=== DATA FOR THIS TASK ===
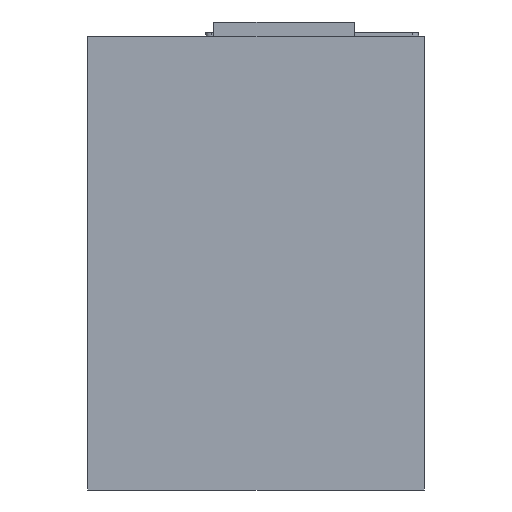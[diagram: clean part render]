
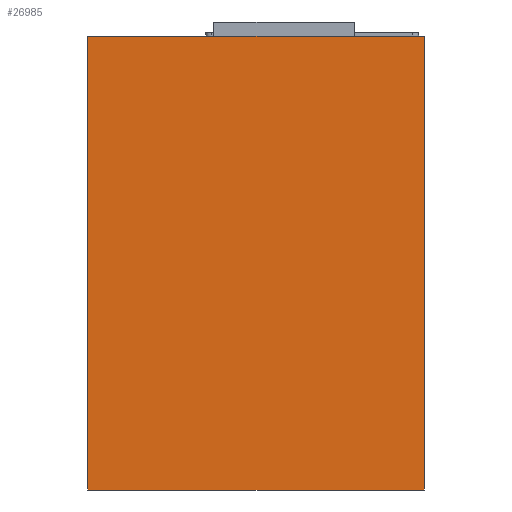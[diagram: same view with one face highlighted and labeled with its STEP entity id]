
A CAD part, left-side view. The second image highlights one B-rep face of the part: STEP entity #26985.
In plain terms, the highlighted planar face has unit normal (-1, 0, 0).
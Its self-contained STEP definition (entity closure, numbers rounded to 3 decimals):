
#3516=FACE_OUTER_BOUND('',#5086,.T.);
#5086=EDGE_LOOP('',(#24330,#24331,#24332,#24333));
#6110=LINE('',#39094,#8674);
#7643=LINE('',#50036,#10207);
#7649=LINE('',#50048,#10213);
#7650=LINE('',#50050,#10214);
#8674=VECTOR('',#29471,10.);
#10207=VECTOR('',#31998,10.);
#10213=VECTOR('',#32006,10.);
#10214=VECTOR('',#32009,10.);
#11236=VERTEX_POINT('',#39091);
#11237=VERTEX_POINT('',#39093);
#12785=VERTEX_POINT('',#50034);
#12790=VERTEX_POINT('',#50046);
#14314=EDGE_CURVE('',#11236,#11237,#6110,.T.);
#16637=EDGE_CURVE('',#11236,#12785,#7643,.T.);
#16643=EDGE_CURVE('',#12785,#12790,#7649,.T.);
#16644=EDGE_CURVE('',#11237,#12790,#7650,.T.);
#24330=ORIENTED_EDGE('',*,*,#16637,.T.);
#24331=ORIENTED_EDGE('',*,*,#16643,.T.);
#24332=ORIENTED_EDGE('',*,*,#16644,.F.);
#24333=ORIENTED_EDGE('',*,*,#14314,.F.);
#25142=PLANE('',#27823);
#26985=ADVANCED_FACE('',(#3516),#25142,.T.);
#27823=AXIS2_PLACEMENT_3D('',#50049,#32007,#32008);
#29471=DIRECTION('',(0.,0.,-1.));
#31998=DIRECTION('',(0.,1.,0.));
#32006=DIRECTION('',(0.,0.,-1.));
#32007=DIRECTION('center_axis',(-1.,0.,0.));
#32008=DIRECTION('ref_axis',(0.,1.,0.));
#32009=DIRECTION('',(0.,1.,0.));
#39091=CARTESIAN_POINT('',(-150.,-250.,-25.));
#39093=CARTESIAN_POINT('',(-150.,-250.,-835.));
#39094=CARTESIAN_POINT('',(-150.,-250.,-25.));
#50034=CARTESIAN_POINT('',(-150.,350.,-25.));
#50036=CARTESIAN_POINT('',(-150.,-250.,-25.));
#50046=CARTESIAN_POINT('',(-150.,350.,-835.));
#50048=CARTESIAN_POINT('',(-150.,350.,-25.));
#50049=CARTESIAN_POINT('Origin',(-150.,-250.,-25.));
#50050=CARTESIAN_POINT('',(-150.,-250.,-835.));
===
-- REQUIRED WORK --
Write the listing above out again exactly, dropping each image.

-- YOUR RESPONSE --
[diagram: clean part render]
[diagram: same view with one face highlighted and labeled with its STEP entity id]
A CAD part, left-side view. The second image highlights one B-rep face of the part: STEP entity #26985.
In plain terms, the highlighted planar face has unit normal (-1, 0, 0).
Its self-contained STEP definition (entity closure, numbers rounded to 3 decimals):
#3516=FACE_OUTER_BOUND('',#5086,.T.);
#5086=EDGE_LOOP('',(#24330,#24331,#24332,#24333));
#6110=LINE('',#39094,#8674);
#7643=LINE('',#50036,#10207);
#7649=LINE('',#50048,#10213);
#7650=LINE('',#50050,#10214);
#8674=VECTOR('',#29471,10.);
#10207=VECTOR('',#31998,10.);
#10213=VECTOR('',#32006,10.);
#10214=VECTOR('',#32009,10.);
#11236=VERTEX_POINT('',#39091);
#11237=VERTEX_POINT('',#39093);
#12785=VERTEX_POINT('',#50034);
#12790=VERTEX_POINT('',#50046);
#14314=EDGE_CURVE('',#11236,#11237,#6110,.T.);
#16637=EDGE_CURVE('',#11236,#12785,#7643,.T.);
#16643=EDGE_CURVE('',#12785,#12790,#7649,.T.);
#16644=EDGE_CURVE('',#11237,#12790,#7650,.T.);
#24330=ORIENTED_EDGE('',*,*,#16637,.T.);
#24331=ORIENTED_EDGE('',*,*,#16643,.T.);
#24332=ORIENTED_EDGE('',*,*,#16644,.F.);
#24333=ORIENTED_EDGE('',*,*,#14314,.F.);
#25142=PLANE('',#27823);
#26985=ADVANCED_FACE('',(#3516),#25142,.T.);
#27823=AXIS2_PLACEMENT_3D('',#50049,#32007,#32008);
#29471=DIRECTION('',(0.,0.,-1.));
#31998=DIRECTION('',(0.,1.,0.));
#32006=DIRECTION('',(0.,0.,-1.));
#32007=DIRECTION('center_axis',(-1.,0.,0.));
#32008=DIRECTION('ref_axis',(0.,1.,0.));
#32009=DIRECTION('',(0.,1.,0.));
#39091=CARTESIAN_POINT('',(-150.,-250.,-25.));
#39093=CARTESIAN_POINT('',(-150.,-250.,-835.));
#39094=CARTESIAN_POINT('',(-150.,-250.,-25.));
#50034=CARTESIAN_POINT('',(-150.,350.,-25.));
#50036=CARTESIAN_POINT('',(-150.,-250.,-25.));
#50046=CARTESIAN_POINT('',(-150.,350.,-835.));
#50048=CARTESIAN_POINT('',(-150.,350.,-25.));
#50049=CARTESIAN_POINT('Origin',(-150.,-250.,-25.));
#50050=CARTESIAN_POINT('',(-150.,-250.,-835.));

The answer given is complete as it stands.